(Records drawn from a dataset)
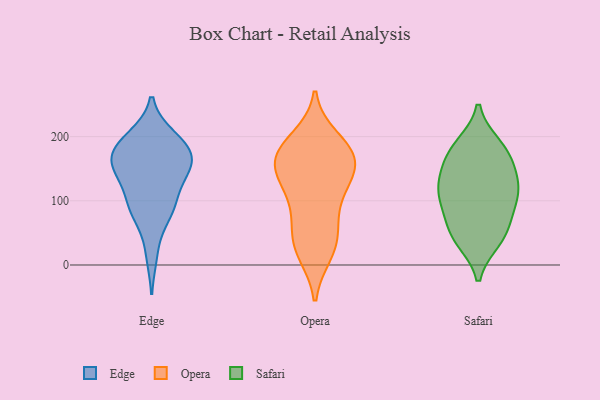
{"axis": {"x": "Page Views", "y": "Value"}, "legend": ["Edge", "Opera", "Safari"], "data": [{"x": "", "y": 17, "type": "Edge"}, {"x": "", "y": 93, "type": "Edge"}, {"x": "", "y": 191, "type": "Edge"}, {"x": "", "y": 174, "type": "Edge"}, {"x": "", "y": 162, "type": "Edge"}, {"x": "", "y": 94, "type": "Edge"}, {"x": "", "y": 151, "type": "Edge"}, {"x": "", "y": 125, "type": "Edge"}, {"x": "", "y": 77, "type": "Edge"}, {"x": "", "y": 180, "type": "Edge"}, {"x": "", "y": 87, "type": "Edge"}, {"x": "", "y": 157, "type": "Edge"}, {"x": "", "y": 150, "type": "Edge"}, {"x": "", "y": 199, "type": "Edge"}, {"x": "", "y": 151, "type": "Edge"}, {"x": "", "y": 195, "type": "Edge"}, {"x": "", "y": 157, "type": "Opera"}, {"x": "", "y": 18, "type": "Opera"}, {"x": "", "y": 139, "type": "Opera"}, {"x": "", "y": 141, "type": "Opera"}, {"x": "", "y": 53, "type": "Opera"}, {"x": "", "y": 173, "type": "Opera"}, {"x": "", "y": 187, "type": "Opera"}, {"x": "", "y": 131, "type": "Opera"}, {"x": "", "y": 197, "type": "Opera"}, {"x": "", "y": 158, "type": "Opera"}, {"x": "", "y": 20, "type": "Opera"}, {"x": "", "y": 35, "type": "Opera"}, {"x": "", "y": 61, "type": "Opera"}, {"x": "", "y": 175, "type": "Opera"}, {"x": "", "y": 104, "type": "Opera"}, {"x": "", "y": 98, "type": "Opera"}, {"x": "", "y": 175, "type": "Opera"}, {"x": "", "y": 182, "type": "Safari"}, {"x": "", "y": 138, "type": "Safari"}, {"x": "", "y": 186, "type": "Safari"}, {"x": "", "y": 39, "type": "Safari"}, {"x": "", "y": 99, "type": "Safari"}, {"x": "", "y": 160, "type": "Safari"}, {"x": "", "y": 95, "type": "Safari"}, {"x": "", "y": 44, "type": "Safari"}, {"x": "", "y": 68, "type": "Safari"}, {"x": "", "y": 47, "type": "Safari"}, {"x": "", "y": 123, "type": "Safari"}, {"x": "", "y": 172, "type": "Safari"}, {"x": "", "y": 112, "type": "Safari"}, {"x": "", "y": 122, "type": "Safari"}]}
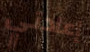
إعادتي
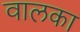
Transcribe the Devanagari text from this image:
वालका
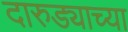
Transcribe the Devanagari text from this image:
दारुड्याच्या
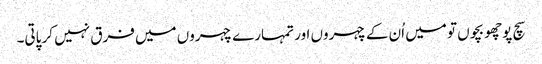
سچ پوچھو بچوں تو میں اُن کے چہروں اور تمہارے چہروں میں فرق نہیں کر پاتی۔
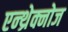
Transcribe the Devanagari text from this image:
एन्थ्रेक्नोज
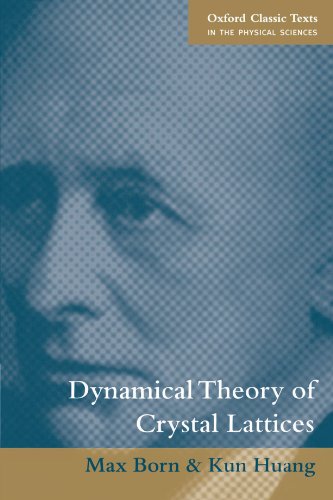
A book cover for Dynamical Theory of Crystal Lattices (Oxford Classic Texts in the Physical Sciences); Max Born; Science & Math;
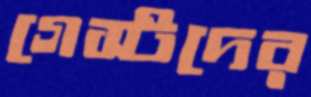
গেস্টদের
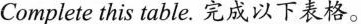
Complete this table.完成以下表格。
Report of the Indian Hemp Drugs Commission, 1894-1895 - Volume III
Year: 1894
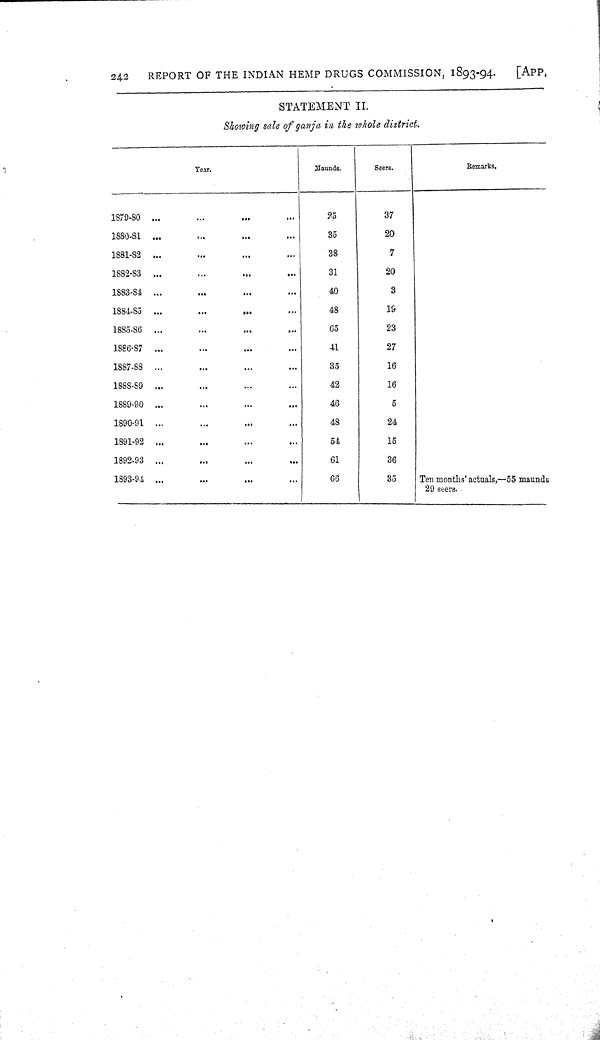
242
REPORT OF THE INDIAN HEMP DRUGS COMMISSION, 1893-94.
[APP.
STATEMENT II.
Showing sale of ganja in the whol e district.
Year.
Maunds.
Seers.
Remarks.
1879-80
25
37
1880-81
35
20
1881-82
38
7
1882-83
31
20
1883-84
40
3
1884-85
48
19
1885-86
65
23
1886-87
41
27
1887-88
35
16
1888-89
42
16
1889-90
46
5
1890-91
48
24
1891-92
54
15
1892-93
61
36
1893-94
66
35
Ten months' actuals,—55 maunds
29 seers.
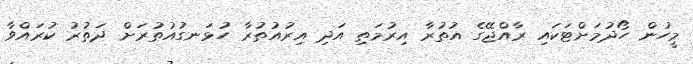
މީހުން ހޯދުމަށްޓަކައި ރާއްޖޭގެ އުތުރާ އިރުމަތި އަދި އިރުއުތުރާ ހުޅަނގުއުތުރަށް ދަތުރު ކުރައްވާ
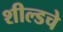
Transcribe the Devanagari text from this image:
शील्डचे
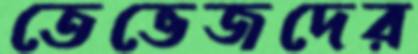
তেভেজদের
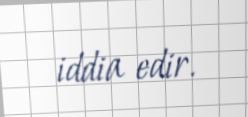
iddia edir.

**Instructions for the task**
Pictures are to be omitted; otherwise, write out the data exactly as it appears.

**Solution for this problem**
{"axis": {"x": "Page Views", "y": "Value"}, "legend": ["Edge", "Opera", "Safari"], "data": [{"x": "", "y": 17, "type": "Edge"}, {"x": "", "y": 93, "type": "Edge"}, {"x": "", "y": 191, "type": "Edge"}, {"x": "", "y": 174, "type": "Edge"}, {"x": "", "y": 162, "type": "Edge"}, {"x": "", "y": 94, "type": "Edge"}, {"x": "", "y": 151, "type": "Edge"}, {"x": "", "y": 125, "type": "Edge"}, {"x": "", "y": 77, "type": "Edge"}, {"x": "", "y": 180, "type": "Edge"}, {"x": "", "y": 87, "type": "Edge"}, {"x": "", "y": 157, "type": "Edge"}, {"x": "", "y": 150, "type": "Edge"}, {"x": "", "y": 199, "type": "Edge"}, {"x": "", "y": 151, "type": "Edge"}, {"x": "", "y": 195, "type": "Edge"}, {"x": "", "y": 157, "type": "Opera"}, {"x": "", "y": 18, "type": "Opera"}, {"x": "", "y": 139, "type": "Opera"}, {"x": "", "y": 141, "type": "Opera"}, {"x": "", "y": 53, "type": "Opera"}, {"x": "", "y": 173, "type": "Opera"}, {"x": "", "y": 187, "type": "Opera"}, {"x": "", "y": 131, "type": "Opera"}, {"x": "", "y": 197, "type": "Opera"}, {"x": "", "y": 158, "type": "Opera"}, {"x": "", "y": 20, "type": "Opera"}, {"x": "", "y": 35, "type": "Opera"}, {"x": "", "y": 61, "type": "Opera"}, {"x": "", "y": 175, "type": "Opera"}, {"x": "", "y": 104, "type": "Opera"}, {"x": "", "y": 98, "type": "Opera"}, {"x": "", "y": 175, "type": "Opera"}, {"x": "", "y": 182, "type": "Safari"}, {"x": "", "y": 138, "type": "Safari"}, {"x": "", "y": 186, "type": "Safari"}, {"x": "", "y": 39, "type": "Safari"}, {"x": "", "y": 99, "type": "Safari"}, {"x": "", "y": 160, "type": "Safari"}, {"x": "", "y": 95, "type": "Safari"}, {"x": "", "y": 44, "type": "Safari"}, {"x": "", "y": 68, "type": "Safari"}, {"x": "", "y": 47, "type": "Safari"}, {"x": "", "y": 123, "type": "Safari"}, {"x": "", "y": 172, "type": "Safari"}, {"x": "", "y": 112, "type": "Safari"}, {"x": "", "y": 122, "type": "Safari"}]}
إعادتي
Transcribe the Devanagari text from this image:
वालका
Transcribe the Devanagari text from this image:
दारुड्याच्या
سچ پوچھو بچوں تو میں اُن کے چہروں اور تمہارے چہروں میں فرق نہیں کر پاتی۔
Transcribe the Devanagari text from this image:
एन्थ्रेक्नोज
A book cover for Dynamical Theory of Crystal Lattices (Oxford Classic Texts in the Physical Sciences); Max Born; Science & Math;
গেস্টদের
Complete this table.完成以下表格。
Report of the Indian Hemp Drugs Commission, 1894-1895 - Volume III
Year: 1894
242
REPORT OF THE INDIAN HEMP DRUGS COMMISSION, 1893-94.
[APP.
STATEMENT II.
Showing sale of ganja in the whol e district.
Year.
Maunds.
Seers.
Remarks.
1879-80
25
37
1880-81
35
20
1881-82
38
7
1882-83
31
20
1883-84
40
3
1884-85
48
19
1885-86
65
23
1886-87
41
27
1887-88
35
16
1888-89
42
16
1889-90
46
5
1890-91
48
24
1891-92
54
15
1892-93
61
36
1893-94
66
35
Ten months' actuals,—55 maunds
29 seers.
މީހުން ހޯދުމަށްޓަކައި ރާއްޖޭގެ އުތުރާ އިރުމަތި އަދި އިރުއުތުރާ ހުޅަނގުއުތުރަށް ދަތުރު ކުރައްވާ
Transcribe the Devanagari text from this image:
शील्डचे
তেভেজদের
iddia edir.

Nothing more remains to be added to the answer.